_Input_:
· · · ·

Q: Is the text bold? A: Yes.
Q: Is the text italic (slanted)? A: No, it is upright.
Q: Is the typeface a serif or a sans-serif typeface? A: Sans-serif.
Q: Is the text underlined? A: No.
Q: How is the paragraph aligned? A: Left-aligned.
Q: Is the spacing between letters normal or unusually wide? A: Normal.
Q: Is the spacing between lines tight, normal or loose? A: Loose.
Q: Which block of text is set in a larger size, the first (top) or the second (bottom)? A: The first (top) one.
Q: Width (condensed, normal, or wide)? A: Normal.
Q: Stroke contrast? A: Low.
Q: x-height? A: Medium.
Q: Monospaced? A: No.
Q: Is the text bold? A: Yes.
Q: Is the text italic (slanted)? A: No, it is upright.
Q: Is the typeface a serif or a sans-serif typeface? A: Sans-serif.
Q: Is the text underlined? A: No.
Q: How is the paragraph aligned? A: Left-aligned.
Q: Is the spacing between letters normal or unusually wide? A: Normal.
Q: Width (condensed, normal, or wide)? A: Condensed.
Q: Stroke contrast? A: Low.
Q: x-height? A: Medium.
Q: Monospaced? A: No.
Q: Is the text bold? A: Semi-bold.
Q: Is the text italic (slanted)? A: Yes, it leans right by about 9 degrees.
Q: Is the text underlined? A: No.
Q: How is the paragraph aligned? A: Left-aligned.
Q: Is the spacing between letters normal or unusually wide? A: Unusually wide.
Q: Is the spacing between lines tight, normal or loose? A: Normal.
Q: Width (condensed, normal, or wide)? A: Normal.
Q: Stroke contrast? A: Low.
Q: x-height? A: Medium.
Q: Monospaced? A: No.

· · · ·

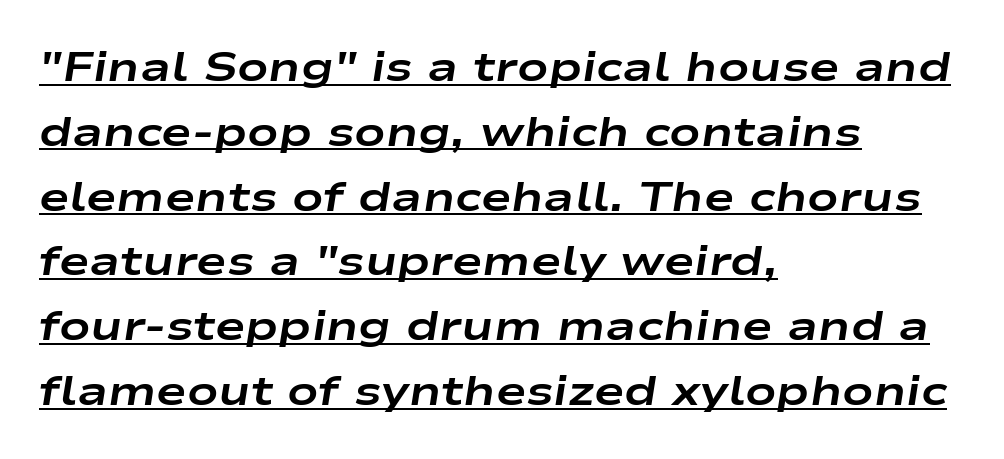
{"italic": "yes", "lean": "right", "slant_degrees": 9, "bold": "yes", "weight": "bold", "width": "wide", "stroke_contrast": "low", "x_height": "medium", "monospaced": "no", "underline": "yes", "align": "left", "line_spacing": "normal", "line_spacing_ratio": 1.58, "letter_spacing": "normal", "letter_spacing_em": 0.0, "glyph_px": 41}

· · · ·

_What you have to do_:
All lines of the material that contain the word "loose" should be listed.

_Answer area_:
Q: Is the spacing between lines tight, normal or loose? A: Loose.
Q: Is the spacing between lines tight, normal or loose? A: Normal.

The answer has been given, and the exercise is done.